Forbes just published a piece “How Donald Trump Shifted Kids-Cancer Charity Money Into His Business,” about Trump taking money meant for cancer research for children for himself.
No kidding.
How low will Trump go?
This low: According to the well-documented article the so-called Eric Trump Foundation (which supposedly funds pediatric cancer research) exorbitantly overpaid the for-profit Trump Organization (in which Eric Trump and his father have a personal financial stake) for use of golf facilities during events that donors thought were fundraisers for children.
According to the article:
- Trump, demanded that his Trump National Westchester golf course begin heavily charging his son’s foundation for children for the use of facilities that it had previously been allowed to use for free.
“In the early years, they weren’t being billed [for the club]—the bills would just disappear,” says Ian Gillule, who served as membership and marketing director at Trump National Westchester during two stints from 2006 to 2015 and witnessed how Donald Trump reacted to the tournament’s economics. “Mr. Trump had a cow. He flipped. He was like, ‘We’re donating all of this stuff, and there’s no paper trail? No credit?’ And he went nuts. He said, ‘I don’t care if it’s my son or not—everybody gets billed.'”

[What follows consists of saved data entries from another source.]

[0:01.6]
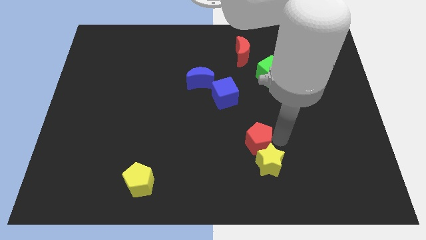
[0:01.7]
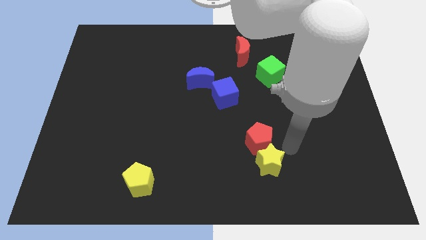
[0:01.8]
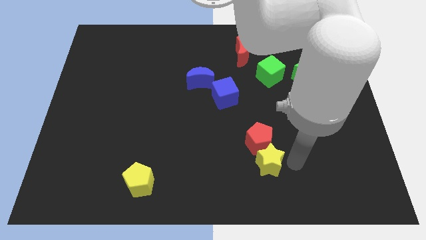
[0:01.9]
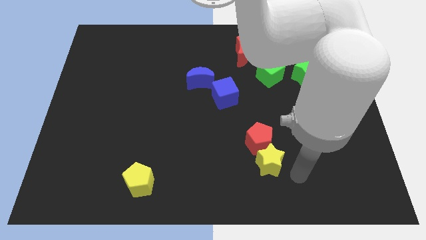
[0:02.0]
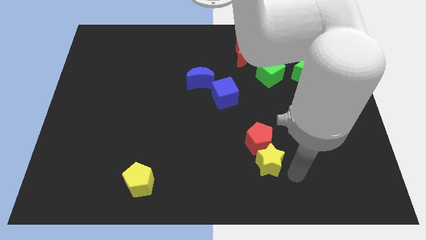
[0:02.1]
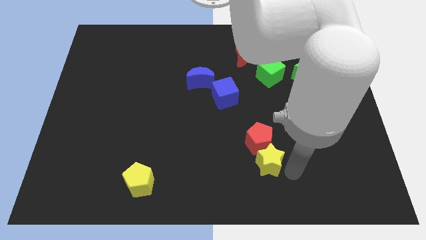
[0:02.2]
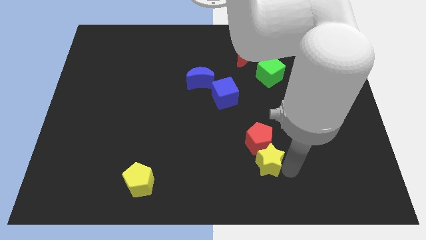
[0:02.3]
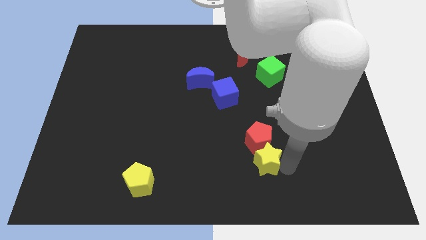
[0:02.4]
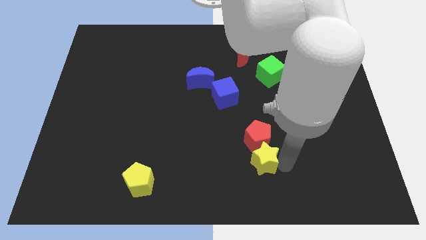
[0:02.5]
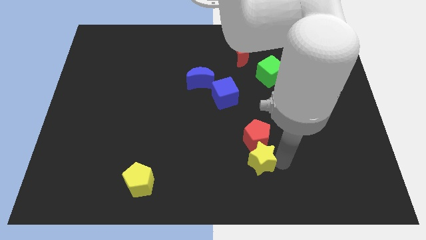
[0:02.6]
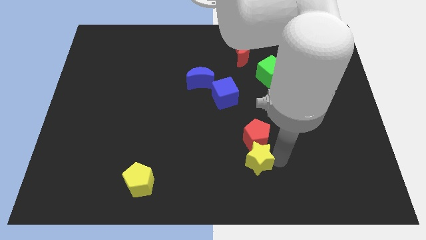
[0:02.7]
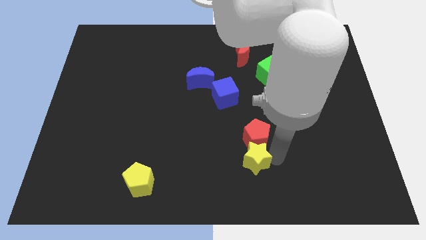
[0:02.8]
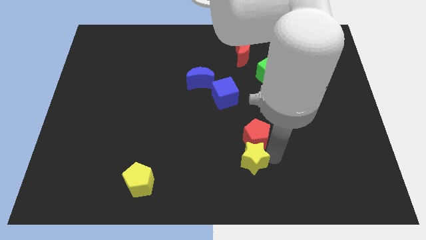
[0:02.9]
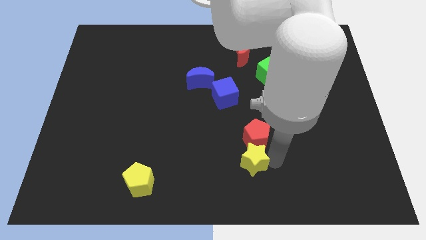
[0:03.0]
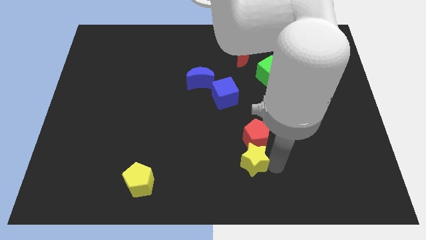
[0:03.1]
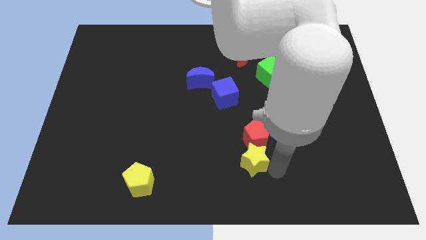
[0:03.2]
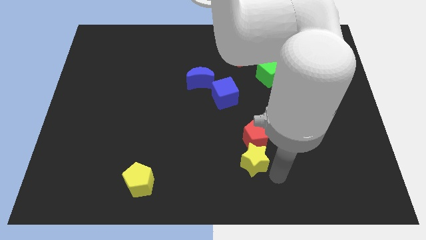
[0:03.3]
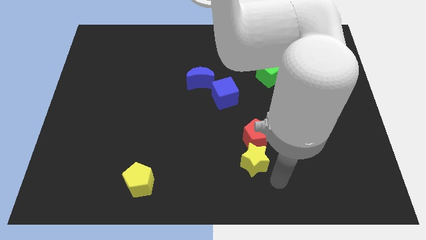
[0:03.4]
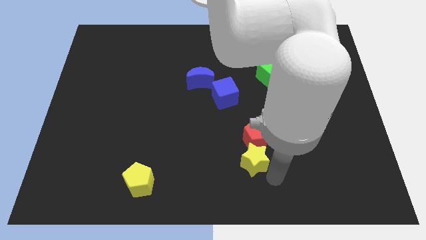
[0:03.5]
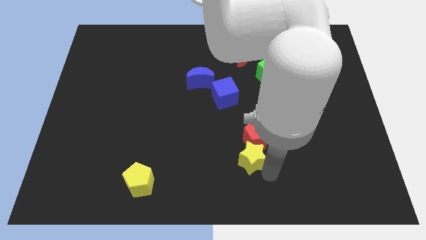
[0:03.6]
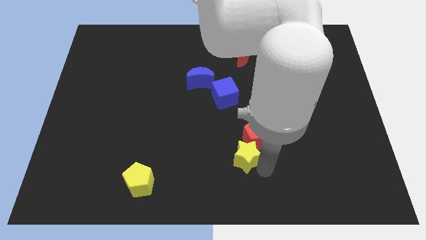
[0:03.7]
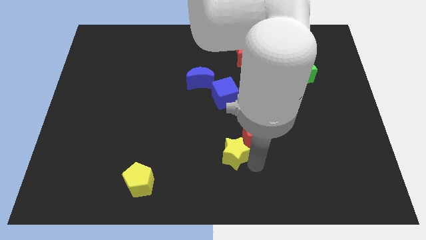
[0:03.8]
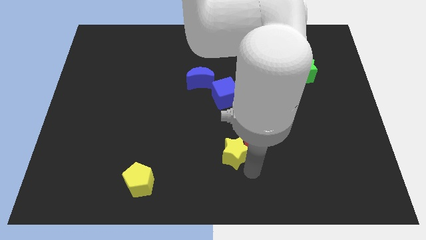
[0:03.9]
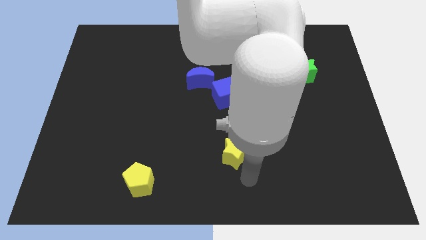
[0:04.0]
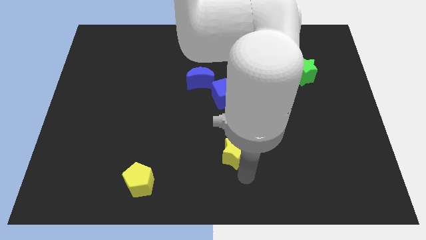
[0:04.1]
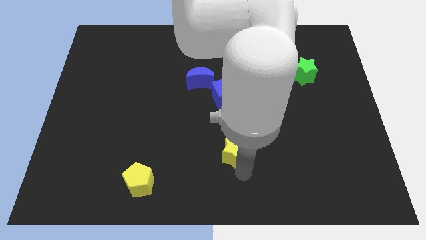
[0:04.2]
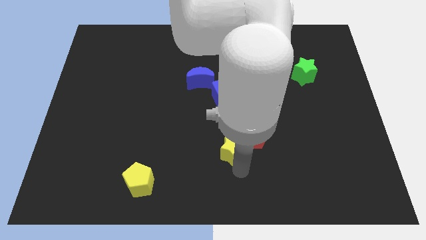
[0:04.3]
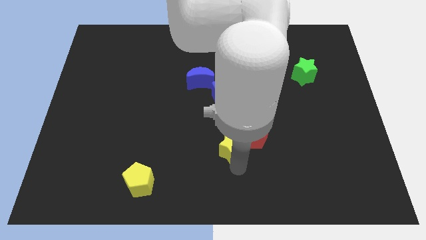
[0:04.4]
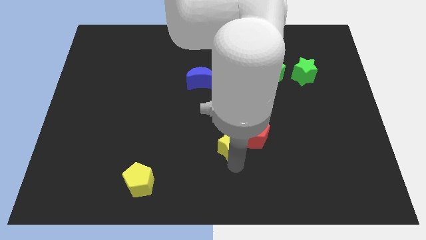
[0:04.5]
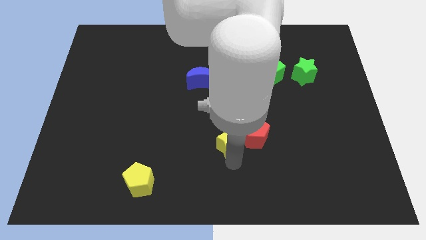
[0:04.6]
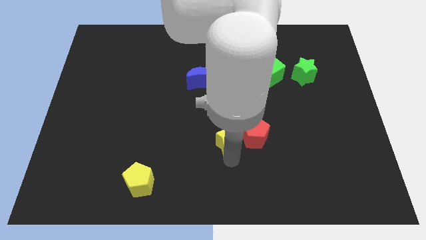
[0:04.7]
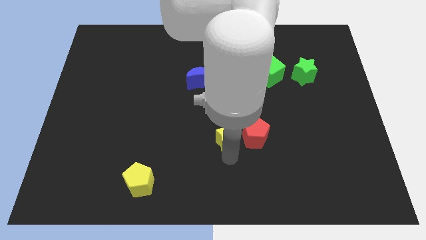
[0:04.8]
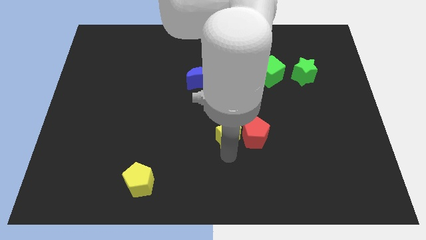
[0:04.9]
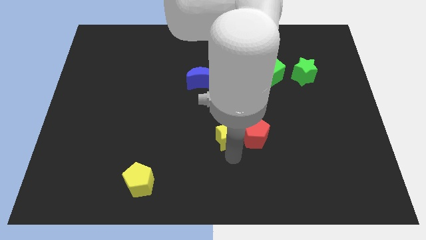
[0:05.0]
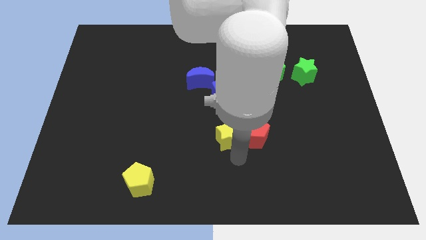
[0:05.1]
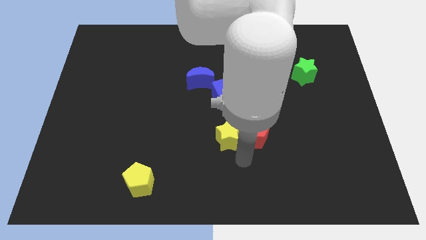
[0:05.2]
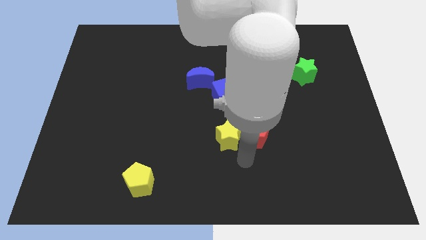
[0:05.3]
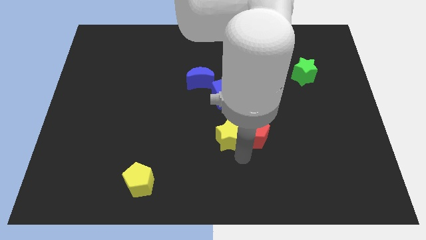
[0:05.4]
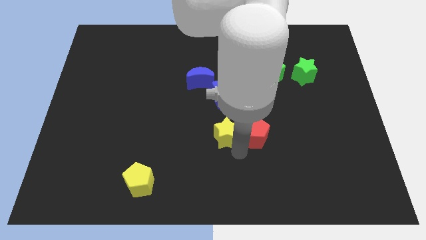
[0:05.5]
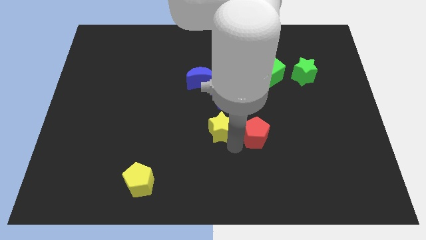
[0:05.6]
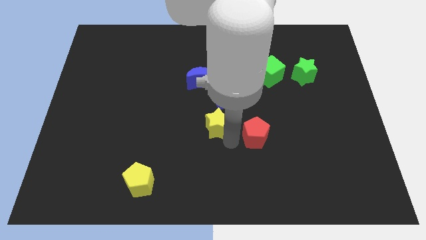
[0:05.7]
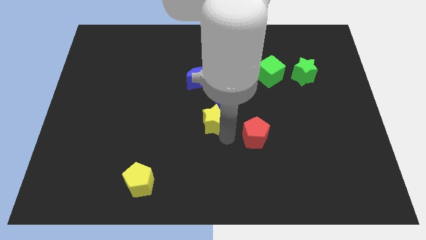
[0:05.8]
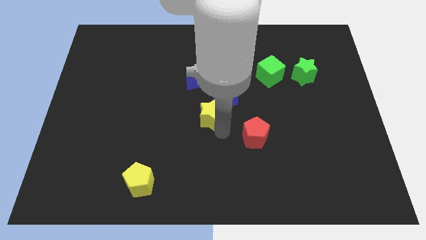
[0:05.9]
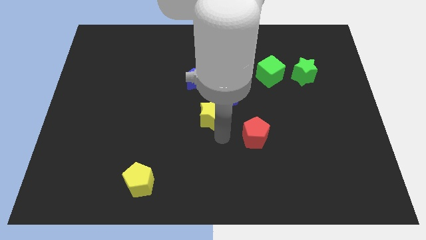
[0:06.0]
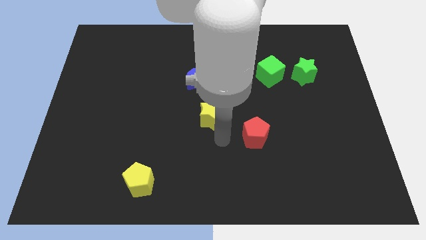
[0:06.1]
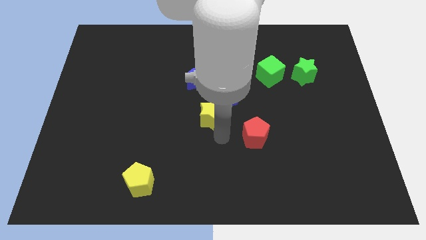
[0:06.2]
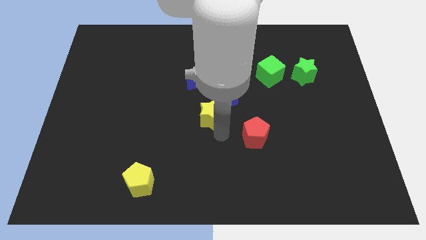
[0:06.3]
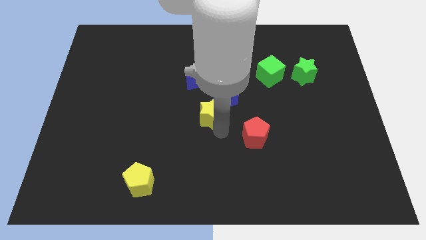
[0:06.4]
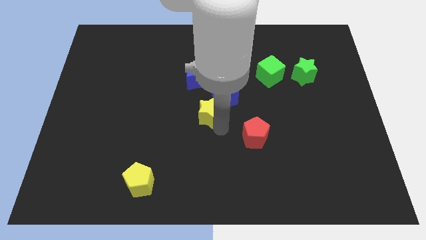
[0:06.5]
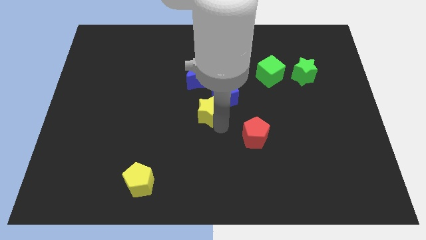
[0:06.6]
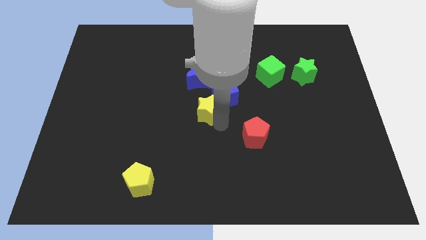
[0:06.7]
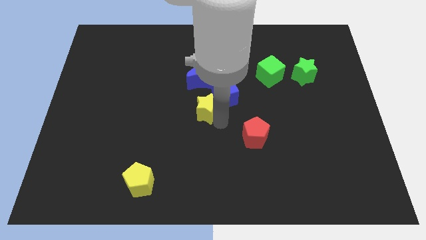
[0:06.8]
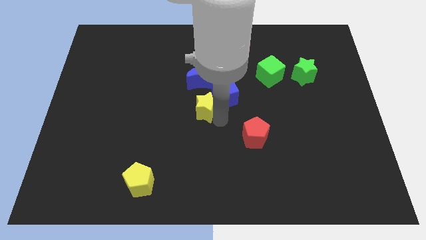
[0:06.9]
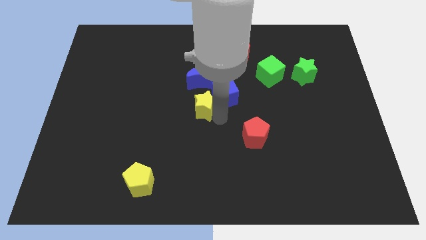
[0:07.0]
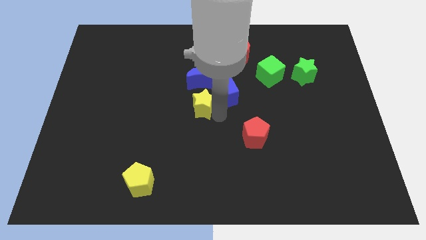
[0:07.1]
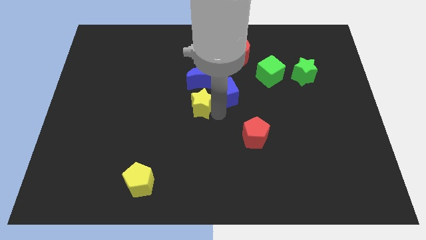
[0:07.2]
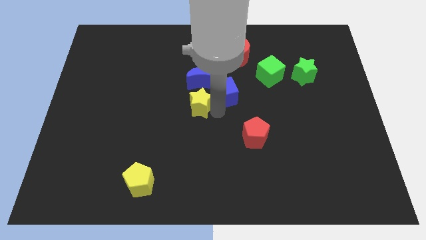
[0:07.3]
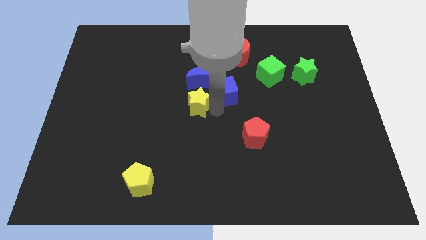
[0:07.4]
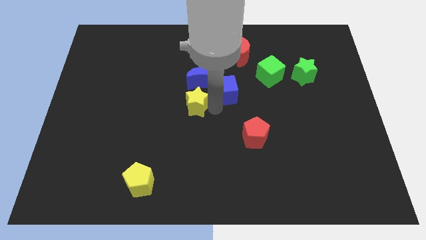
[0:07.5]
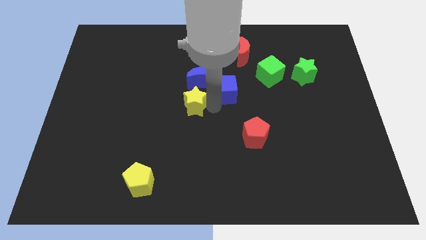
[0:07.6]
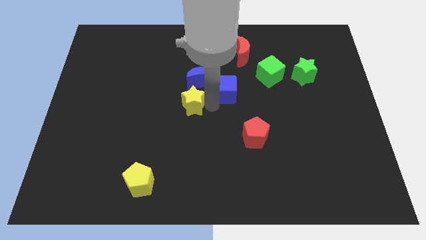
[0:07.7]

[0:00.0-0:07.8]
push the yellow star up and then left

- The amounts that the Trump Organization billed the Eric Trump Foundation for one-day use of its course and club—in 2015, Eric Trump’s charity paid his father’s business $322,000 for the event—appear to be much higher than what a typical one-day tournament/fundraiser would normally cost. And that’s not even counting the fact that a decent and moral billionaire would not charge anything to an event raising money for desperately ill children.
According to Forbes…
It’s hard to find any explanation for this cost spike (shakedown) other than massive personal greed and gain from a so-called charity for kids.
Even if the Eric Trump Foundation had to pay the full rate for literally everything, Forbes couldn’t come up with a plausible or innocent path to $322,000 — given the parameters of the annual event (a mere golf outing for about 200 people).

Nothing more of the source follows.